本発明の第1実施形態では、メインシール部23を前側壁23aと後側壁23bの先端を連結した断面先細の中空形状として弾接によって、車外側側壁21aの開放端部側とは逆側から車外側側壁21aの開放端部側(オープンカー100にウェザーストリップ20が取付けられた状態における車両後方側から車両前方側)に向けて湾曲するようにしたが、本発明の第3実施形態では、
図7に示すように、少なくとも型成形部のメインシール部33Xを車外側側壁21aの開放端部側とは逆側から車外側側壁21aの開放端部側(車両後方側から車両前方側)に向けて湾曲したリップ形状にして、幌1やサイドドア5に対する弾接時には車両前方側に向けて倒れるようにしたものである。
【0042】
メインシール部33は一旦押出成形されたウェザーストリップからサブシール部とメインシール部の部位が切り欠きされた後に新たにサブシール部22(22X)とメインシール部33(33X)が型成形されるようにして製造される。
図7では、押出成形されたメインシール部33(33Y)もリップ形状であるが、
図1のように中空形状であってもよい。
これによれば、メインシール部33の少なくとも型成形部の形状が断面略舌状であり、断面先細の中空形状をした本発明の第1実施形態のメインシール部23よりも容易に製造することができる。
【0043】
なお本実施形態においては、幌1を有するオープンカー100に適用した例を示したが、これに限定されることなく、可動または取外し自在な非固定式ルーフを有する車両に適用することができる。
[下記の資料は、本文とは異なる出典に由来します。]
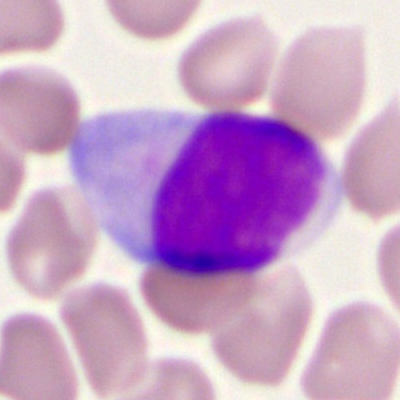Single cell identified as a myeloblast.
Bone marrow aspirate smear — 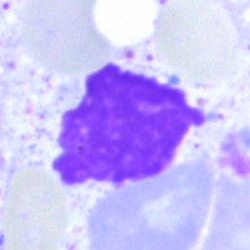The classification is artifact.
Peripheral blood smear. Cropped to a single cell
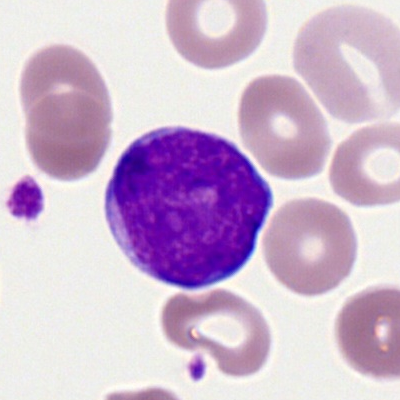

Morphology — myeloid blast.
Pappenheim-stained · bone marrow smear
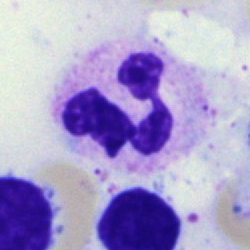

Specimen: bone marrow smear.
Cell: segmented neutrophil.
Lineage: myeloid.
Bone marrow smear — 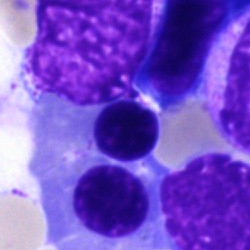

Morphology → nucleated red blood cell.
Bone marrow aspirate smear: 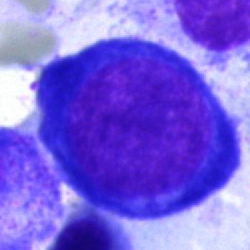
Specimen: bone marrow aspirate smear.
Morphological class: proerythroblast.
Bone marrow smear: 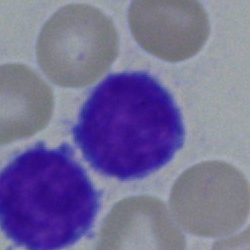
The cell is lymphocyte.
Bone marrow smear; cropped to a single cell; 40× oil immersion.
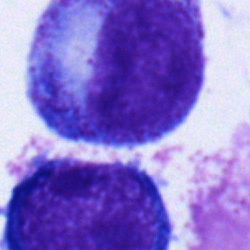Morphological class = progranulocyte.
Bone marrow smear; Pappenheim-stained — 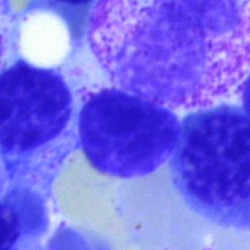Specimen: bone marrow smear.
Cell: artifact.
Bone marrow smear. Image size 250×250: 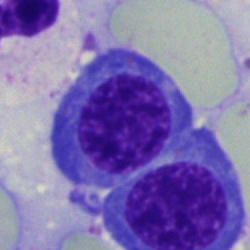
Normoblast.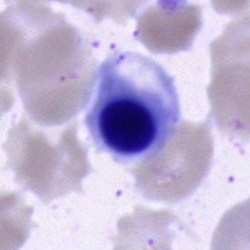

Classification: normoblast.
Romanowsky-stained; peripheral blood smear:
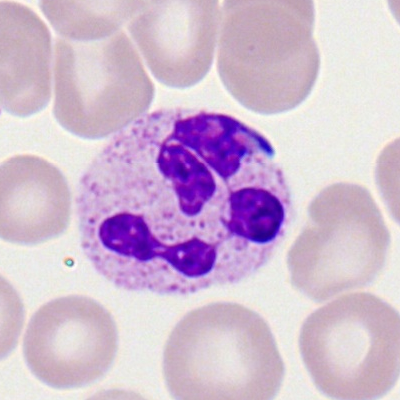Specimen: peripheral blood smear.
Cell type: neutrophil (segmented).
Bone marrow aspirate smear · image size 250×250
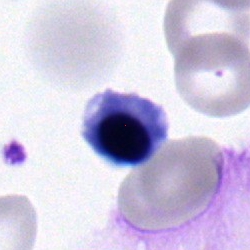

This is an erythroblast.
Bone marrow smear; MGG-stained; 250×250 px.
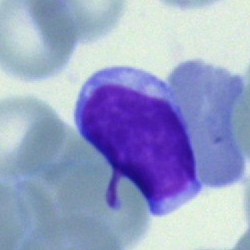
Specimen: bone marrow smear.
Cell: lymphocyte.
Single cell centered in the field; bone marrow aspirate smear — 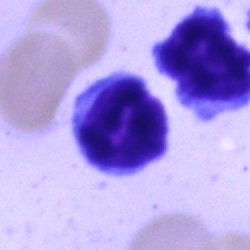
Classification — typical lymphocyte.
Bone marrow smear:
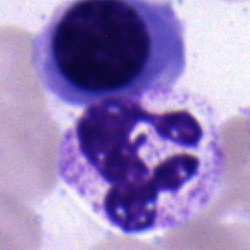
Cell: segmented neutrophil.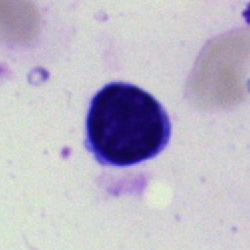 The cell shown is a lymphocyte.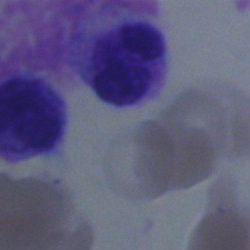Single-cell crop from a bone marrow smear: polymorphonuclear neutrophil.
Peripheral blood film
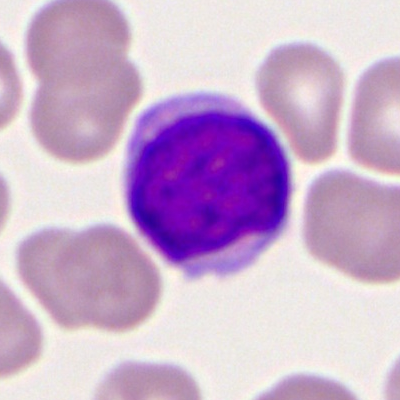 The cell shown is a typical lymphocyte.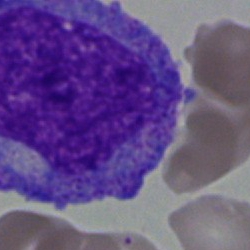

Classification = progranulocyte.
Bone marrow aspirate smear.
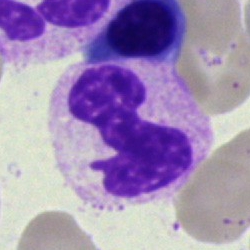Cell: neutrophil (segmented).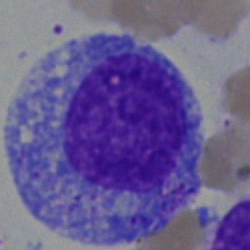 A promyelocyte on a bone marrow smear.
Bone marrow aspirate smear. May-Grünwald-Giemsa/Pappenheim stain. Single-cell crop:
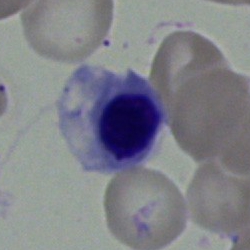Q: What is the morphological classification of this cell?
A: This is a nucleated red cell.
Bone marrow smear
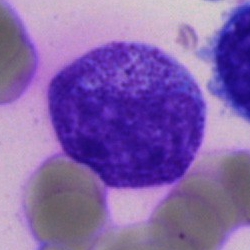Cell type — metamyelocyte.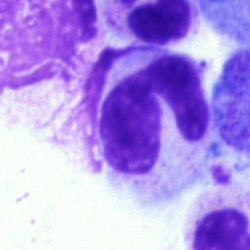

Bone marrow smear showing a neutrophil (band).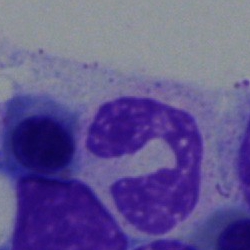The classification is stab cell.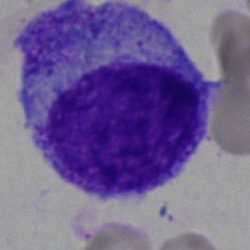 Impression — myelocyte.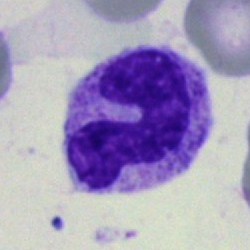The cell shown is a band-form neutrophil.
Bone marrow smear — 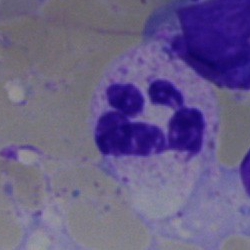
The cell shown is a segmented neutrophil.
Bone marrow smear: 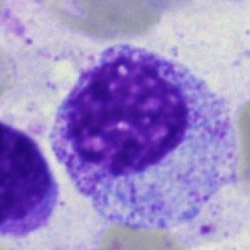Morphological class — myelocyte.
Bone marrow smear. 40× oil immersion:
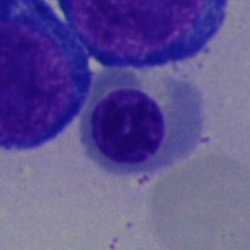 Q: What cell is this?
A: A nucleated red cell.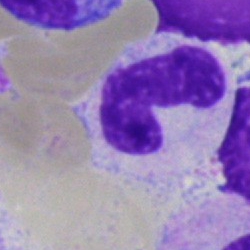Specimen: bone marrow aspirate smear.
Cell: segmented neutrophil.
Lineage: myeloid.
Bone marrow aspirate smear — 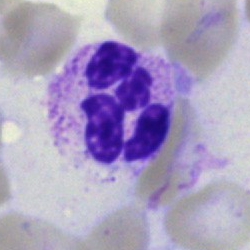 Q: What type of cell is this?
A: A polymorphonuclear neutrophil.
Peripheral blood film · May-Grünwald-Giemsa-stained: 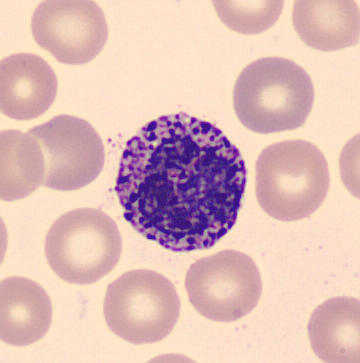
Basophilic granulocyte.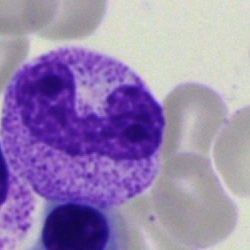
The cell shown is a band-form neutrophil.
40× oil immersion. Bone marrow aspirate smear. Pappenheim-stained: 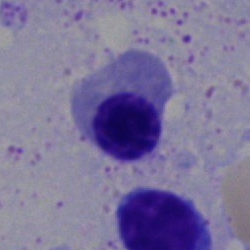

Cell = nucleated red blood cell.
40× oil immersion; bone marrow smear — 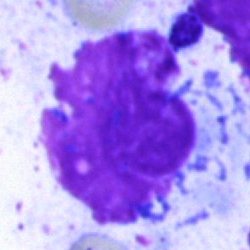
The cell shown is an artefact.
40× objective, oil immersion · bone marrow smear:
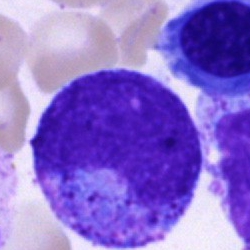
Showing a promyelocyte.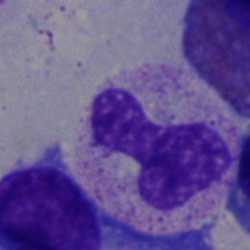
Single-cell crop from a bone marrow smear: polymorphonuclear neutrophil.
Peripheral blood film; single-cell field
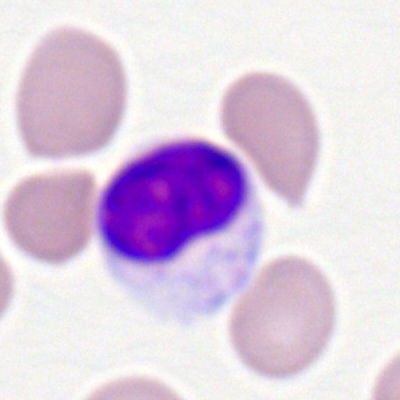 Specimen: peripheral blood film.
Cell: typical lymphocyte.
Lineage: lymphoid.
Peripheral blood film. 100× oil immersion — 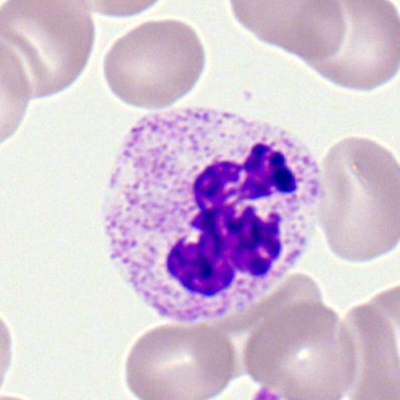Specimen: peripheral blood film.
Cell: neutrophil (segmented).
Lineage: myeloid.

しかも、コーナー部が角ばった形状のオープンカーではウェザーストリップ20が追従することが困難でひけや皺などが発生しやすいため、コーナー部が角状ではなく、
図11に示すように丸状になっているタイプの車両に適用可能である。
このような車両であれば、例えば、
図9に示すような、ルーフ12を分割することができるタルガトップ車や、
図10に示すような、ルーフ13,13が2分割されるTバールーフ車に適用してもよい。